Items from a data source
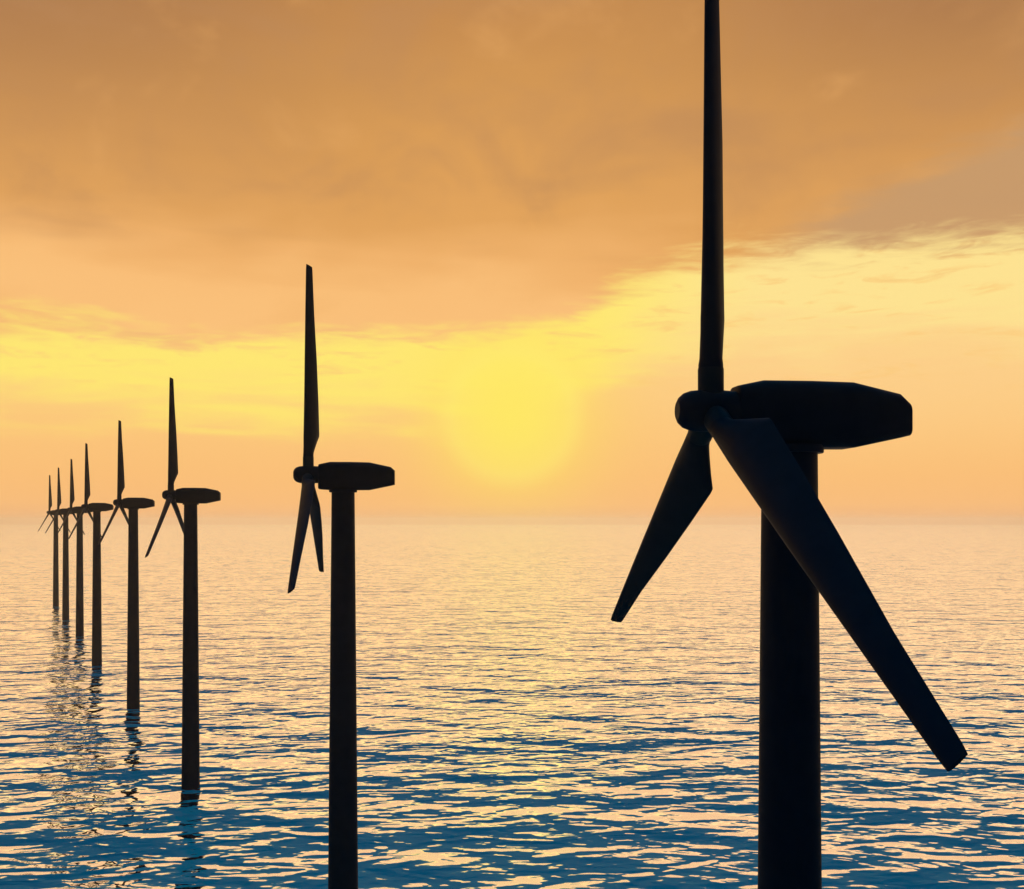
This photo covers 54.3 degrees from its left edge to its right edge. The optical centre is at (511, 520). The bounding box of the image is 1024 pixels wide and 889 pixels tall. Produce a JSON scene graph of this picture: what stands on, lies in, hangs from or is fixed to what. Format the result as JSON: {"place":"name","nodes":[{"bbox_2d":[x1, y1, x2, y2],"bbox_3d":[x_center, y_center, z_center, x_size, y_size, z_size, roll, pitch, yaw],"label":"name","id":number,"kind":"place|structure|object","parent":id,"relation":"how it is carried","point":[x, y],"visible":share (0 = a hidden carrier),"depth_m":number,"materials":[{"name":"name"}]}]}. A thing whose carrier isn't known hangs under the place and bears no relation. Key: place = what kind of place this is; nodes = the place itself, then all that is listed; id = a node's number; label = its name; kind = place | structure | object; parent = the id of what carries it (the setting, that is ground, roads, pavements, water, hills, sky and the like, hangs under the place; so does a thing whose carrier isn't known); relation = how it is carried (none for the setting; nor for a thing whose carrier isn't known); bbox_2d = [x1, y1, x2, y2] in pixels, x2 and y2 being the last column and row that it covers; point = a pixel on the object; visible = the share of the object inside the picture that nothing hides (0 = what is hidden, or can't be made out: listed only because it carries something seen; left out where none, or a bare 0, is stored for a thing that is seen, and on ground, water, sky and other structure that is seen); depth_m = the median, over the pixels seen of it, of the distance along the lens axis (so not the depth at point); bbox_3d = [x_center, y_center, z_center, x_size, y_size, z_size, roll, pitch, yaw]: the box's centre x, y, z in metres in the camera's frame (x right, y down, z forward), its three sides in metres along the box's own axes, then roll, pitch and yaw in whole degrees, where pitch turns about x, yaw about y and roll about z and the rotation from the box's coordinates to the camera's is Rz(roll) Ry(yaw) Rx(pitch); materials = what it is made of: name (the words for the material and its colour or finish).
{"place":"outdoors","nodes":[
{"label":"outdoors","id":0,"kind":"place"},
{"bbox_2d":[0,525,1023,888],"bbox_3d":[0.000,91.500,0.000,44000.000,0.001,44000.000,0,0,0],"label":"water","id":1,"kind":"structure","parent":0,"point":[532,713],"depth_m":468.69,"materials":[{"name":"blue liquid"}]},
{"bbox_2d":[38,475,62,605],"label":"wind turbine","id":2,"kind":"object","parent":1,"relation":"in","point":[55,569],"visible":0.91,"depth_m":1069.79,"materials":[{"name":"paint"}]},
{"bbox_2d":[45,468,71,619],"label":"wind turbine","id":3,"kind":"object","parent":1,"relation":"in","point":[65,588],"visible":0.85,"depth_m":918.19,"materials":[{"name":"paint"}]},
{"bbox_2d":[56,459,91,636],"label":"wind turbine","id":4,"kind":"object","parent":1,"relation":"in","point":[77,510],"visible":0.91,"depth_m":788.87,"materials":[{"name":"paint"}]},
{"bbox_2d":[68,443,113,665],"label":"wind turbine","id":5,"kind":"object","parent":1,"relation":"in","point":[96,509],"visible":0.96,"depth_m":629.36,"materials":[{"name":"paint"}]},
{"bbox_2d":[98,420,154,708],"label":"wind turbine","id":6,"kind":"object","parent":1,"relation":"in","point":[132,505],"visible":1,"depth_m":485.31,"materials":[{"name":"paint"}]},
{"bbox_2d":[145,377,220,789],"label":"wind turbine","id":7,"kind":"object","parent":1,"relation":"in","point":[190,499],"visible":1,"depth_m":339.89,"materials":[{"name":"paint"}]},
{"bbox_2d":[288,264,394,888],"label":"wind turbine","id":8,"kind":"object","parent":1,"relation":"in","point":[343,482],"visible":1,"depth_m":189.47,"materials":[{"name":"paint"}]},
{"bbox_2d":[611,0,967,888],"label":"wind turbine","id":9,"kind":"object","parent":1,"relation":"in","point":[773,438],"visible":1,"depth_m":78.64,"materials":[{"name":"paint"}]},
{"bbox_2d":[0,0,1023,524],"label":"sky","id":10,"kind":"structure","parent":0,"point":[494,208],"materials":[{"name":"orange"}]}
]}

- _Exercise details_:
In the reply, each line of the data must appear exactly as written, and no picture may appear.

- _Response area_:
This photo covers 54.3 degrees from its left edge to its right edge. The optical centre is at (511, 520). The bounding box of the image is 1024 pixels wide and 889 pixels tall. Produce a JSON scene graph of this picture: what stands on, lies in, hangs from or is fixed to what. Format the result as JSON: {"place":"name","nodes":[{"bbox_2d":[x1, y1, x2, y2],"bbox_3d":[x_center, y_center, z_center, x_size, y_size, z_size, roll, pitch, yaw],"label":"name","id":number,"kind":"place|structure|object","parent":id,"relation":"how it is carried","point":[x, y],"visible":share (0 = a hidden carrier),"depth_m":number,"materials":[{"name":"name"}]}]}. A thing whose carrier isn't known hangs under the place and bears no relation. Key: place = what kind of place this is; nodes = the place itself, then all that is listed; id = a node's number; label = its name; kind = place | structure | object; parent = the id of what carries it (the setting, that is ground, roads, pavements, water, hills, sky and the like, hangs under the place; so does a thing whose carrier isn't known); relation = how it is carried (none for the setting; nor for a thing whose carrier isn't known); bbox_2d = [x1, y1, x2, y2] in pixels, x2 and y2 being the last column and row that it covers; point = a pixel on the object; visible = the share of the object inside the picture that nothing hides (0 = what is hidden, or can't be made out: listed only because it carries something seen; left out where none, or a bare 0, is stored for a thing that is seen, and on ground, water, sky and other structure that is seen); depth_m = the median, over the pixels seen of it, of the distance along the lens axis (so not the depth at point); bbox_3d = [x_center, y_center, z_center, x_size, y_size, z_size, roll, pitch, yaw]: the box's centre x, y, z in metres in the camera's frame (x right, y down, z forward), its three sides in metres along the box's own axes, then roll, pitch and yaw in whole degrees, where pitch turns about x, yaw about y and roll about z and the rotation from the box's coordinates to the camera's is Rz(roll) Ry(yaw) Rx(pitch); materials = what it is made of: name (the words for the material and its colour or finish).
{"place":"outdoors","nodes":[
{"label":"outdoors","id":0,"kind":"place"},
{"bbox_2d":[0,525,1023,888],"bbox_3d":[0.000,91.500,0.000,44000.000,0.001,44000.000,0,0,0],"label":"water","id":1,"kind":"structure","parent":0,"point":[532,713],"depth_m":468.69,"materials":[{"name":"blue liquid"}]},
{"bbox_2d":[38,475,62,605],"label":"wind turbine","id":2,"kind":"object","parent":1,"relation":"in","point":[55,569],"visible":0.91,"depth_m":1069.79,"materials":[{"name":"paint"}]},
{"bbox_2d":[45,468,71,619],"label":"wind turbine","id":3,"kind":"object","parent":1,"relation":"in","point":[65,588],"visible":0.85,"depth_m":918.19,"materials":[{"name":"paint"}]},
{"bbox_2d":[56,459,91,636],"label":"wind turbine","id":4,"kind":"object","parent":1,"relation":"in","point":[77,510],"visible":0.91,"depth_m":788.87,"materials":[{"name":"paint"}]},
{"bbox_2d":[68,443,113,665],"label":"wind turbine","id":5,"kind":"object","parent":1,"relation":"in","point":[96,509],"visible":0.96,"depth_m":629.36,"materials":[{"name":"paint"}]},
{"bbox_2d":[98,420,154,708],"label":"wind turbine","id":6,"kind":"object","parent":1,"relation":"in","point":[132,505],"visible":1,"depth_m":485.31,"materials":[{"name":"paint"}]},
{"bbox_2d":[145,377,220,789],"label":"wind turbine","id":7,"kind":"object","parent":1,"relation":"in","point":[190,499],"visible":1,"depth_m":339.89,"materials":[{"name":"paint"}]},
{"bbox_2d":[288,264,394,888],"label":"wind turbine","id":8,"kind":"object","parent":1,"relation":"in","point":[343,482],"visible":1,"depth_m":189.47,"materials":[{"name":"paint"}]},
{"bbox_2d":[611,0,967,888],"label":"wind turbine","id":9,"kind":"object","parent":1,"relation":"in","point":[773,438],"visible":1,"depth_m":78.64,"materials":[{"name":"paint"}]},
{"bbox_2d":[0,0,1023,524],"label":"sky","id":10,"kind":"structure","parent":0,"point":[494,208],"materials":[{"name":"orange"}]}
]}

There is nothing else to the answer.